Building Friendship Without the Friend Zone

Posted by Renaissance | Posted on 6:52 PM

"You have a lot of really good guy friends. Ever think you'll just end up with one of them," my girl asked.

"Nope," I replied.

It's a question I get often. Lately, I've been thinking about why I'm able to have great relationships with guys that I'm not attracted to/interested in, but have so much trouble building with the ones I really like. The more "really"s, the harder it is to build.

Turns out I build with friends without fear. I'm completely open. They know the real me. I'm not concerned with how things will be interpreted, there are no "relationship rules" that I'm supposed to memorize even though they will be rewritten. No matter how many homies do me shady or fade into the distance, I never take that  into the next friendship. I'm not analyzing every action or non action to determined if I'm being played. I give and nurture without worry that I'm doing too much.

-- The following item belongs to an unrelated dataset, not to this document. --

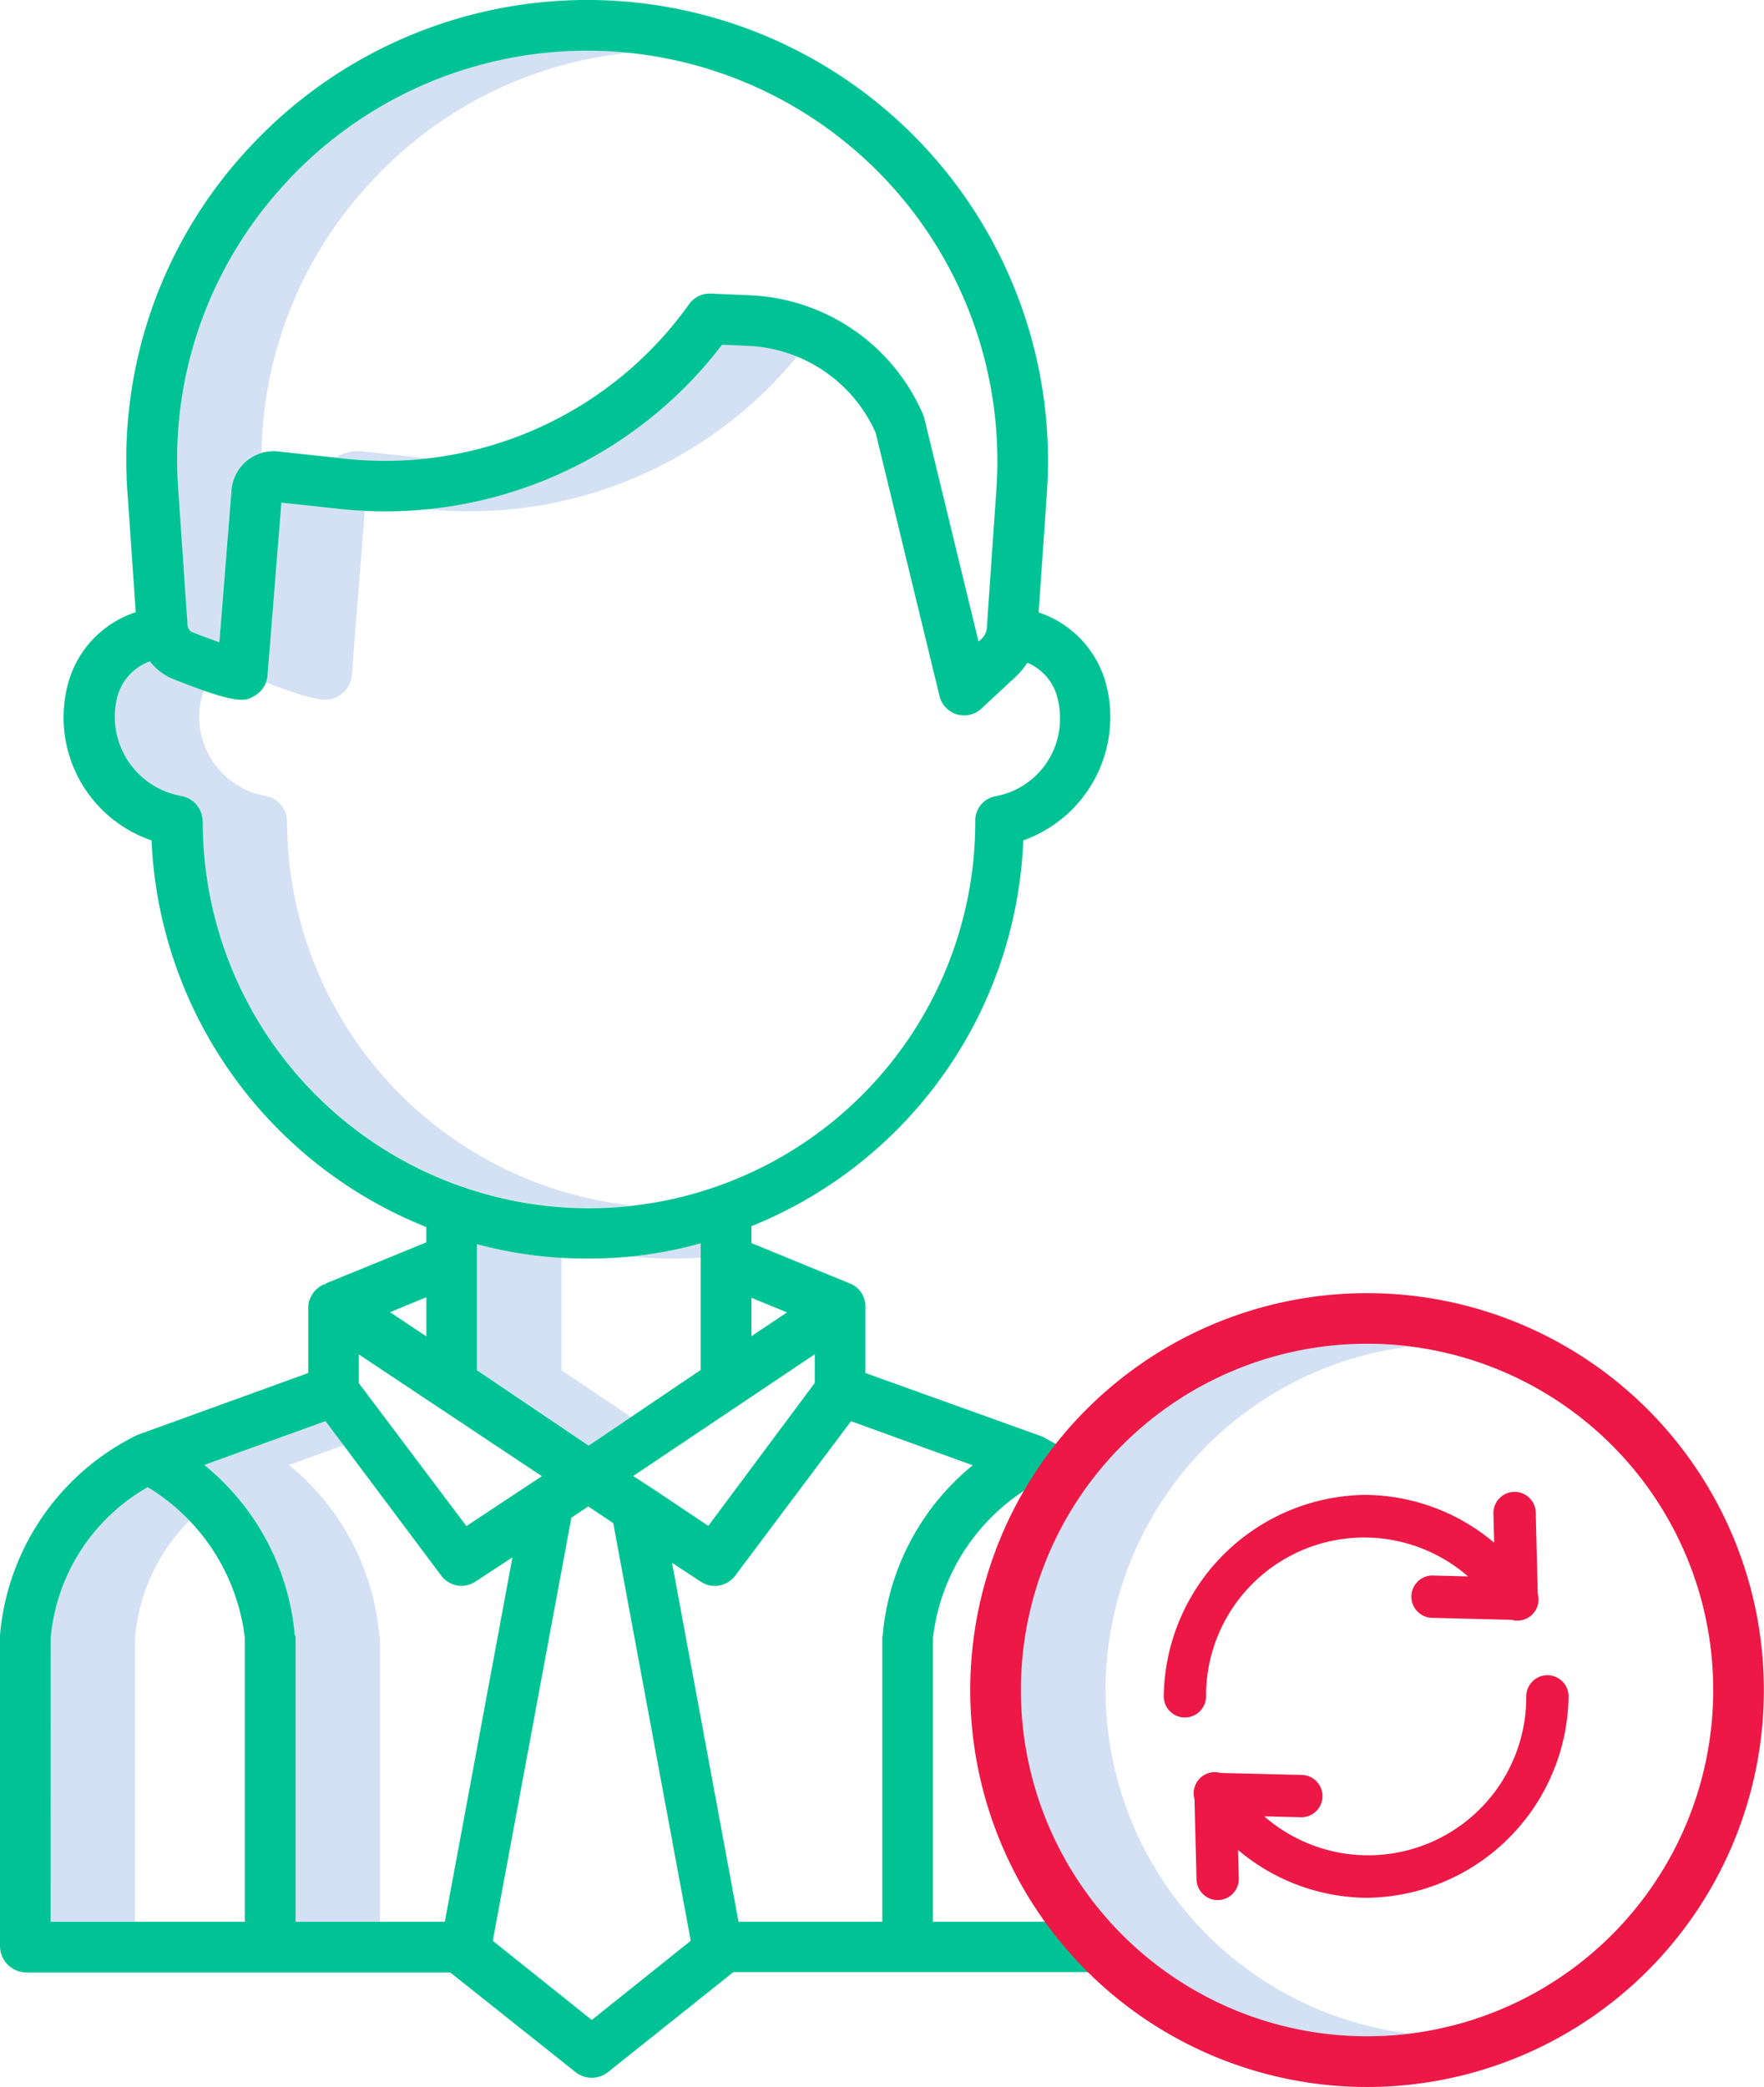 <svg xmlns="http://www.w3.org/2000/svg" width="40.582" height="48"><defs><style>.prefix__cls-1{fill:#d4e1f4}.prefix__cls-3{fill:#ed1846}</style></defs><g id="prefix__tick-mark" transform="translate(-47 -8.871)"><path id="prefix__Path_10287" d="M197.19 303.667c.22 0 .44-.007.659-.022v-.329a8.812 8.812 0 01-1.63.3c.319.035.644.051.971.051z" class="prefix__cls-1" data-name="Path 10287" transform="translate(-134.727 -265.85)"/><path id="prefix__Path_10288" d="M161.942 306.372v-2.586a9.264 9.264 0 01-1.942-.317v2.9l2.569 1.734.971-.655z" class="prefix__cls-1" data-name="Path 10288" transform="translate(-102.026 -265.987)"/><path id="prefix__Path_10289" d="M93.426 23.872a9.328 9.328 0 015.927-2.949 9.718 9.718 0 00-.971-.049 9.436 9.436 0 00-9.414 10.086l.216 3.126a.2.2 0 00.092.155c.207.082.437.169.639.239l.28-3.5a.972.972 0 01.694-.855 9.327 9.327 0 012.537-6.25z" class="prefix__cls-1" data-name="Path 10289" transform="translate(-37.872 -10.838)"/><path id="prefix__Path_10290" d="M127.107 115.7a.962.962 0 00-.618.142l.23.025a8.542 8.542 0 001.879-.007z" class="prefix__cls-1" data-name="Path 10290" transform="translate(-71.769 -96.446)"/><path id="prefix__Path_10291" d="M156.75 90.748a3.326 3.326 0 00-1.112-.245l-.614-.027a9.753 9.753 0 01-6.779 3.786 9.751 9.751 0 008.505-3.514z" class="prefix__cls-1" data-name="Path 10291" transform="translate(-91.412 -73.679)"/><path id="prefix__Path_10292" d="M111.655 132.337a.6.6 0 00.283-.463l.3-3.782c-.19-.009-.38-.023-.571-.043l-1.356-.146-.311 3.971a.6.6 0 01-.037.162c1.337.521 1.487.428 1.692.301z" class="prefix__cls-1" data-name="Path 10292" transform="translate(-56.845 -107.472)"/><path id="prefix__Path_10293" d="M78.137 169.168v-.014a.6.6 0 00-.5-.574 1.85 1.85 0 01-1.473-2.237 1.3 1.3 0 01.06-.183 18.646 18.646 0 01-.751-.284l-.049-.022a1.355 1.355 0 01-.444-.368 1.2 1.2 0 00-.759.857 1.85 1.85 0 001.473 2.237.6.6 0 01.5.574v.014A8.887 8.887 0 0086.052 178a8.9 8.9 0 01-7.915-8.832z" class="prefix__cls-1" data-name="Path 10293" transform="translate(-24.533 -141.404)"/><path id="prefix__Path_10294" d="M62.2 361.839a4.322 4.322 0 00-.962-.764A4.443 4.443 0 0059 364.547v6.524h1.942v-6.524a4.309 4.309 0 011.258-2.708z" class="prefix__cls-1" data-name="Path 10294" transform="translate(-10.835 -317.999)"/><path id="prefix__Path_10295" d="M168.359 377.705v-.01h-.007z" class="prefix__cls-1" data-name="Path 10295" transform="translate(-109.569 -333.005)"/><path id="prefix__Path_10296" d="M99.446 350.357a5.68 5.68 0 00-2.078-3.909l1.261-.456-.414-.552-2.789 1.008a5.68 5.68 0 012.078 3.909c0 .016.017.032.017.049v6.549h1.942v-6.549c0-.017-.016-.033-.017-.049z" class="prefix__cls-1" data-name="Path 10296" transform="translate(-43.722 -303.882)"/><path id="prefix__Path_10297" d="M290.672 335.087a7.973 7.973 0 016.992-7.9 7.964 7.964 0 100 15.8 7.973 7.973 0 01-6.992-7.9z" class="prefix__cls-1" data-name="Path 10297" transform="translate(-218.239 -287.344)"/><path id="prefix__Path_10299" d="M47.595 54.237h9.763l2.892 2.3a.605.605 0 00.728 0l2.892-2.307h8.283v-1.158h-3.69v-6.524a4.691 4.691 0 012.213-3.465 4.546 4.546 0 01.426.276l.7-.935a5.632 5.632 0 00-.845-.521.8.8 0 00-.079-.027l-3.969-1.426v-1.515a.567.567 0 00-.291-.514.444.444 0 00-.045-.024h-.006l-2.28-.936v-.388a9.993 9.993 0 006.254-8.873 3.009 3.009 0 001.919-3.538 2.375 2.375 0 00-1.566-1.705l.191-2.754a10.6 10.6 0 00-18.325-7.964 10.5 10.5 0 00-2.827 7.961l.19 2.752a2.375 2.375 0 00-1.574 1.707 2.988 2.988 0 001.937 3.541 10.051 10.051 0 006.322 8.893v.352l-2.3.94-.008.015c-.019.008-.061.016-.079.026a.6.6 0 00-.33.514v1.51l-3.935 1.426a.468.468 0 00-.054.027A5.669 5.669 0 0047 46.474v7.161a.61.61 0 00.595.602zm6.186-7.763a5.68 5.68 0 00-2.081-3.909l2.789-1.008 2.663 3.554a.581.581 0 00.788.135l.849-.556-1.556 8.382H53.8v-6.549c0-.016-.015-.032-.017-.048zm1.474-6.451l4.211 2.8-1.736 1.148-2.475-3.288zm5.359 15.307l-2.277-1.821 1.808-9.731.388-.259.575.383 1.783 9.606zm.953-12.511l4.177-2.8v.659l-2.449 3.288-1.145-.766v-.015h-.021zm5.746 3.655c0 .016-.015.032-.015.049v6.549h-3.307l-1.53-8.258.663.437a.586.586 0 00.789-.139l2.665-3.554 2.8 1.014a5.678 5.678 0 00-2.07 3.9zm-2.207-7.418l-.818.546v-.882zM53.612 13.034a9.436 9.436 0 0116.311 7.088l-.22 3.185a.387.387 0 01-.122.257l-.069.064-1.245-5.128a.589.589 0 00-.03-.091 4.542 4.542 0 00-3.959-2.745l-.925-.041a.584.584 0 00-.5.244 8.582 8.582 0 01-7.9 3.555l-1.555-.167a.971.971 0 00-1.072.888l-.28 3.5c-.2-.071-.433-.157-.639-.239a.2.2 0 01-.092-.155l-.215-3.127a9.342 9.342 0 012.516-7.088zm-1.95 14.73v-.014a.6.6 0 00-.5-.574 1.85 1.85 0 01-1.473-2.237 1.2 1.2 0 01.759-.857 1.356 1.356 0 00.444.368l.049.022c1.559.625 1.715.528 1.931.394a.6.6 0 00.283-.463l.318-3.971 1.356.146a9.751 9.751 0 008.783-3.778l.614.027a3.371 3.371 0 012.92 2l1.468 6.053a.583.583 0 00.964.289l.8-.744a1.563 1.563 0 00.256-.312 1.191 1.191 0 01.7.835 1.834 1.834 0 01.052.437 1.808 1.808 0 01-1.487 1.8.566.566 0 00-.462.573v.015a8.886 8.886 0 01-17.772 0zm8.858 10.053a9.449 9.449 0 002.6-.35v2.913l-2.578 1.74-2.57-1.734v-2.9a9.53 9.53 0 002.548.331zm-3.711 1.791l-.835-.557.835-.344zm-8.643 6.94a4.443 4.443 0 012.234-3.472 4.7 4.7 0 012.233 3.472v6.524h-4.468z" data-name="Path 10299" fill="#00c395"/><path id="prefix__Path_10300" d="M286 315.125a9.129 9.129 0 109.129 9.129 9.129 9.129 0 00-9.129-9.129zm0 17.092a7.964 7.964 0 117.964-7.964 7.964 7.964 0 01-7.964 7.964z" class="prefix__cls-3" data-name="Path 10300" transform="translate(-207.55 -276.512)"/><g id="prefix__Group_1123" data-name="Group 1123" transform="translate(73.773 43.205)"><path id="prefix__Path_10307" d="M300 64.3a.486.486 0 10.973 0A3.638 3.638 0 01307 61.542l-.823-.021a.487.487 0 00-.024.973l1.851.047a.487.487 0 00.6-.6l-.046-1.85a.487.487 0 10-.973.024l.016.652a4.641 4.641 0 00-2.971-1.1A4.694 4.694 0 00300 64.3zm0 0" class="prefix__cls-3" data-name="Path 10307" transform="translate(-300 -59.619)"/><path id="prefix__Path_10308" d="M318.581 120.486a.486.486 0 10-.973 0 3.638 3.638 0 01-6.029 2.759l.823.021a.487.487 0 10.024-.973l-1.851-.046a.486.486 0 00-.6.6l.047 1.85a.486.486 0 00.486.474h.012a.486.486 0 00.474-.5l-.017-.652a4.641 4.641 0 002.971 1.1 4.694 4.694 0 004.633-4.633zm0 0" class="prefix__cls-3" data-name="Path 10308" transform="translate(-309.268 -115.804)"/></g></g></svg>

My friendships flow. There's no tension. There's no anxiety.

I present all of me and if our friendship thrives in that authentic space, awesome. If it doesn't, oh well, no hard feelings.

If only the same were true for my dating life. I either don't care or over think. Ultimately deading the flow.

The most frustrating thing about the difference between how I interact with friends and how I interact with lovers, is that I know I'll never be able to commit to anything serious unless my lover is my friend.

Right now I'm trying to navigate building a true friendship with someone I'm interested in without pushing everything into the friend zone. My first thought is that it's going to take a lot more communicating than I'm used to. That makes me uneasy. But I'm not sure there are any other options.


Comments (3)

Wow I was having this conversation with a friend of mine today! Is it possible to start over with a guy you have "dated" and become friends and then go from there? I'm attempting that but I'm not sure if it is!

It is truly difficult to end up good friend relationship just like that.

Sample Emails

Anonymous: I think it would be a good idea to start over with a guy you've dated. What better way to love someone than from a foundation of friendship. I do my best to hold my "reallys" to the same standards that I hold my best girlfriends. It helps me check myself and the expectations that I place upon relationships. My friendships with my girlfriends are easy and swift, and when they are bumpy, we talk about it like two humans who want things to work out. I approach my reallys with this in mind and all has worked out well. (Meaning, I have either become closer to them or found out they only wanted the panties and had to let 'em go. Begin shaking of the head).